• **Task description**
Pick out each line of the records in which the word "clipPath" appears.

[Stored data entries]
::::::
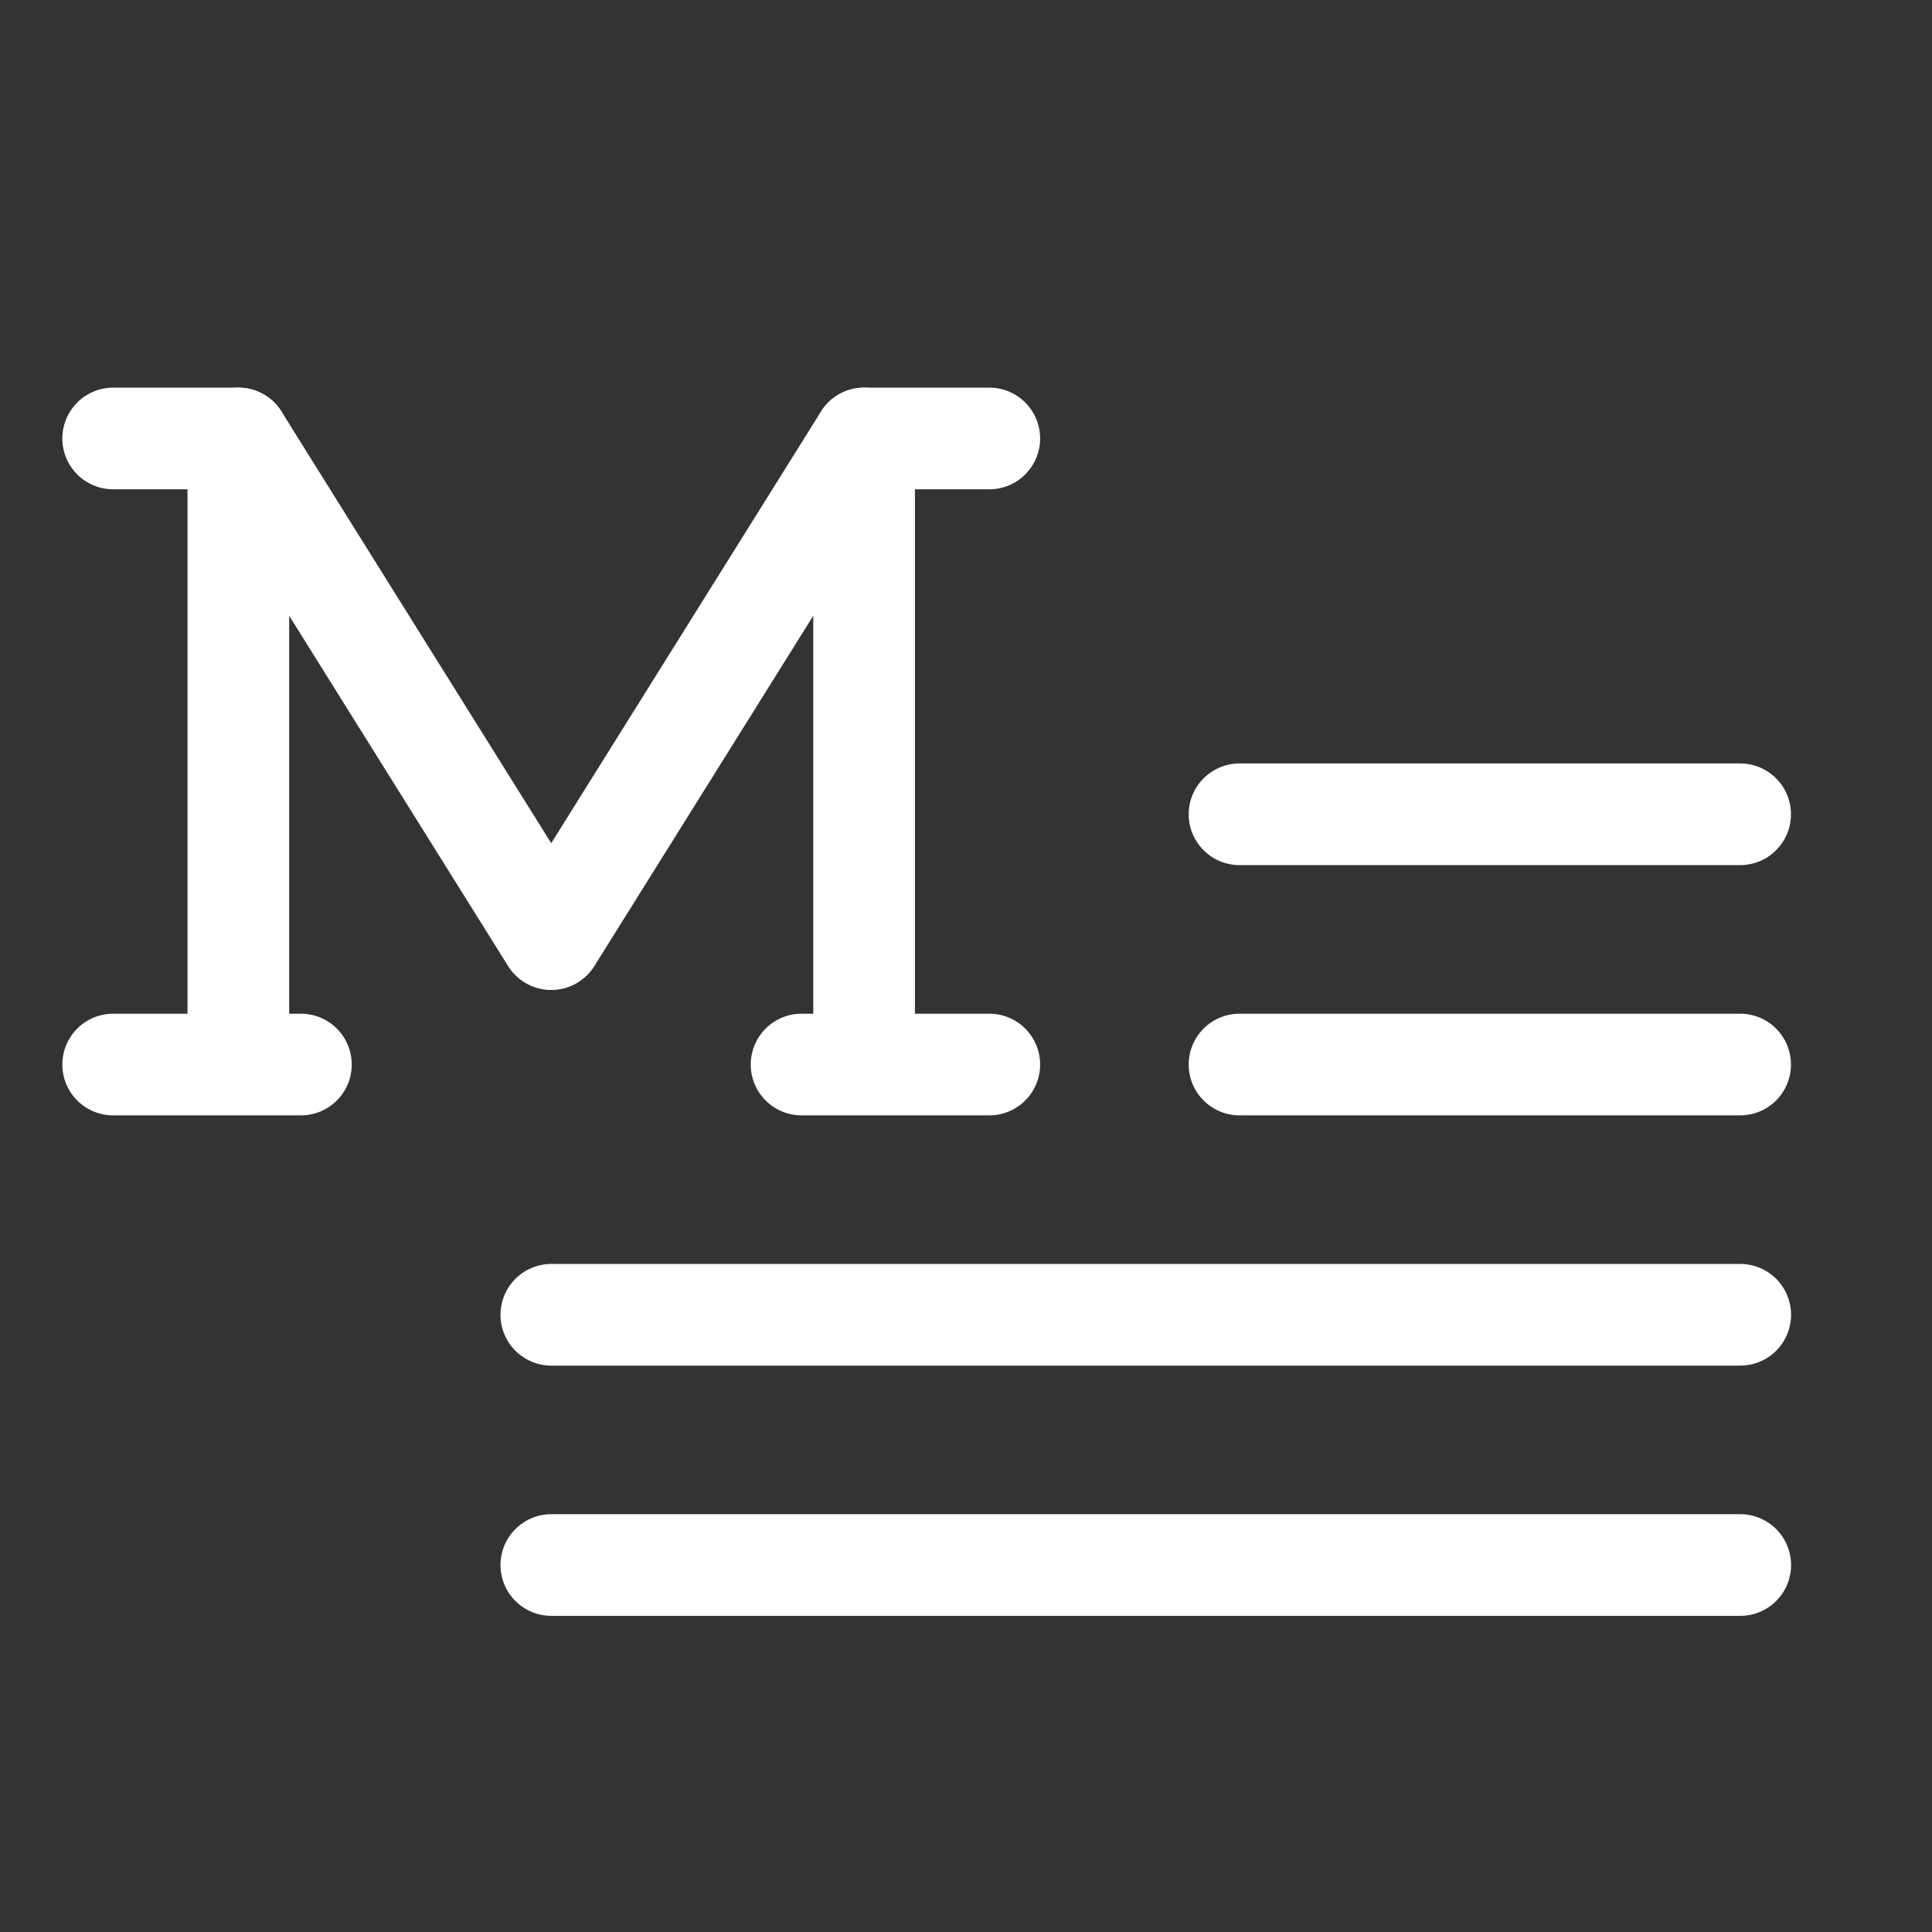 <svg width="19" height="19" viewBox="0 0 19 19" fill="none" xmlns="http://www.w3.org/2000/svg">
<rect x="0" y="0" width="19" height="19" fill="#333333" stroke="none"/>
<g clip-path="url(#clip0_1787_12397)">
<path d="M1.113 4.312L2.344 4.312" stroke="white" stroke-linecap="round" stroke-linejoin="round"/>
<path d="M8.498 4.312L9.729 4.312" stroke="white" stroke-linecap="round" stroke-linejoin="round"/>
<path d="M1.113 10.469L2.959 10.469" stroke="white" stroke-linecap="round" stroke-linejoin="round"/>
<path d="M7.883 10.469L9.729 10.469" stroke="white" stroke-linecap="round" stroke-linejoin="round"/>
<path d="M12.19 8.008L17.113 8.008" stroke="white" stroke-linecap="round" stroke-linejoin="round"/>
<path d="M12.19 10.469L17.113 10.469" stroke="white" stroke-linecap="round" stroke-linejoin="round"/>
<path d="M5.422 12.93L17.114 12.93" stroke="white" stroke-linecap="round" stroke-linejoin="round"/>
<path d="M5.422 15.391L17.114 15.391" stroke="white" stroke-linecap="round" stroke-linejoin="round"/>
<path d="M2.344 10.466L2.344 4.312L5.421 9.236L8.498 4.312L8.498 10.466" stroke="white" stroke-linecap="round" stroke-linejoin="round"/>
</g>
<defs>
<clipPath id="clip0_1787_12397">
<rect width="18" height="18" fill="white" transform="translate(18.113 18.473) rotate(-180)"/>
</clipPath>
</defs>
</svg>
::::::
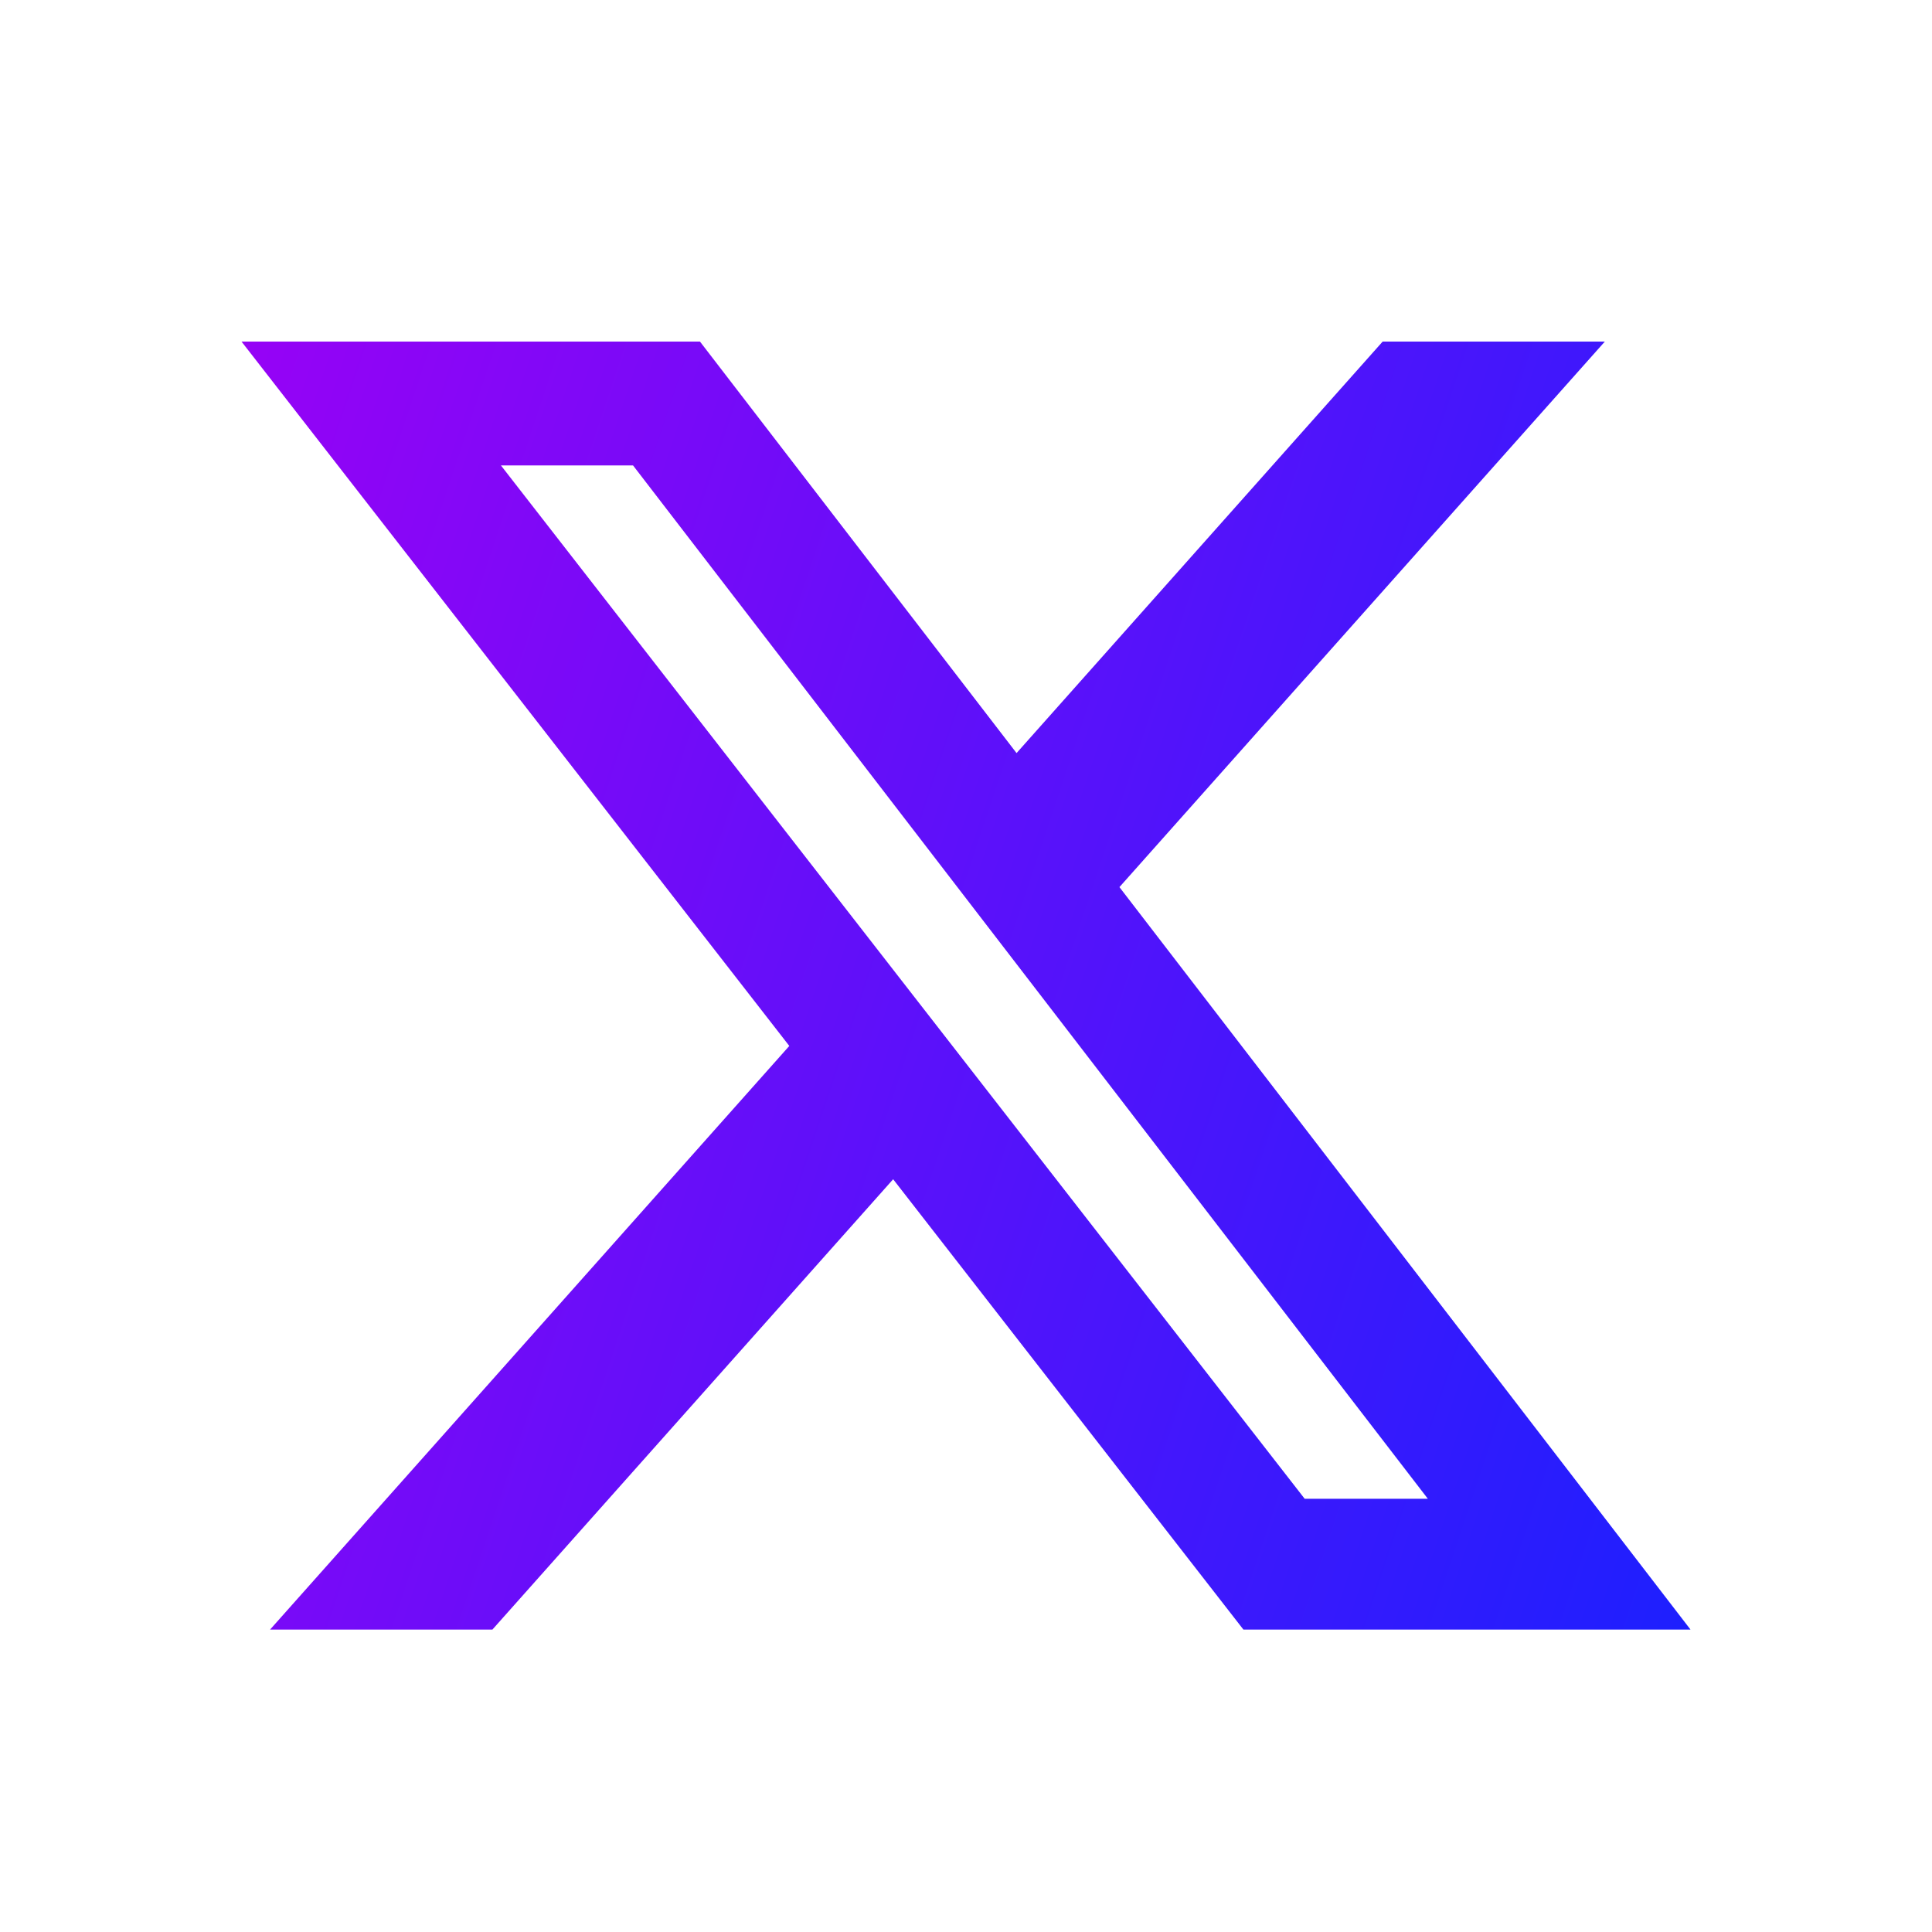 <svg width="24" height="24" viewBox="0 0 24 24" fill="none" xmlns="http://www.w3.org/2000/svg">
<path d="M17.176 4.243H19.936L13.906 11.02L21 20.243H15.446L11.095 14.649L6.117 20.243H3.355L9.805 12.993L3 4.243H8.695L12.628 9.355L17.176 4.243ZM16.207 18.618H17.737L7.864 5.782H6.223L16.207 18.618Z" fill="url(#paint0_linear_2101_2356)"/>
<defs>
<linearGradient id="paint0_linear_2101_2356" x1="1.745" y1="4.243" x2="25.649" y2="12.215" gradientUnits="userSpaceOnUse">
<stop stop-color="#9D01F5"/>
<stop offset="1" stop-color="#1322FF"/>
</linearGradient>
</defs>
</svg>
::::::
• **Answer area**
<clipPath id="clip0_1787_12397">
</clipPath>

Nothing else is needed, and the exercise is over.